Before I joined Blue Gecko, I did independent remote DBA work, and called myself ORA-600 Consulting. Stemming from my hair-raising experiences in the trenches at Amazon in the late ’90s / early 2000s, I decided to specialize in emergency DBA work for companies in the midst of crises (I know, great idea for someone who wanted to get away from the Amazon craziness, right?).
One day in 2009, a company in Florida called my cell phone at 2AM. They described their problem as follows:
We have a 32-bit Intel server running Red Hat Enterprise Linux 4 and Oracle Database Enterprise Edition 18.104.22.168. There are four databases ranging in size from 20G to 100G. The storage is EXT3 filesystems on partitions of an Apple Xserv RAID5 array.
We had a power outage yesterday, and the database server powered down and booted back up. Prior to yesterday, it has not rebooted for about one year. We have been running trouble-free for the previous year. Upon reboot, Oracle started automatically, but all of the databases appeared as they did about one year ago. It is like the database hasn’t been saving the changes we have been making for the past year. None of the inserts, updates or deletes made in the past year are present in the databases. We are absolutely flummoxed. Please help!
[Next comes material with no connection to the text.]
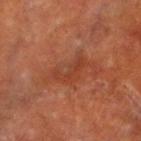Captured during whole-body skin photography for melanoma surveillance; the lesion was not biopsied. Located on the right lower leg. A 15 mm close-up tile from a total-body photography series done for melanoma screening. The subject is a male in their 70s. Approximately 4 mm at its widest.

I logged into the server and it was just as they described. Even the alert log and messages files ended suddenly about one year prior, and picked up again on the day of the most recent reboot. There was no trace of the intervening 12 months of work. The customer was ready to resort to their backups, but wanted to understand the problem before they proceeded. In addition, restoring backups would mean losing the last 24 hours of transactions, since archivelogs had not gone to tape for that long, and they were missing just like everything else from before the most recent reboot.
They weren’t the only ones who were flummoxed. I just sat there thinking, “where do I start?” After some poking around, though, I solved the problem. Any guesses what went wrong here? I’ll post the solution in about a week. No fair posting the solution if I’ve told you this story before!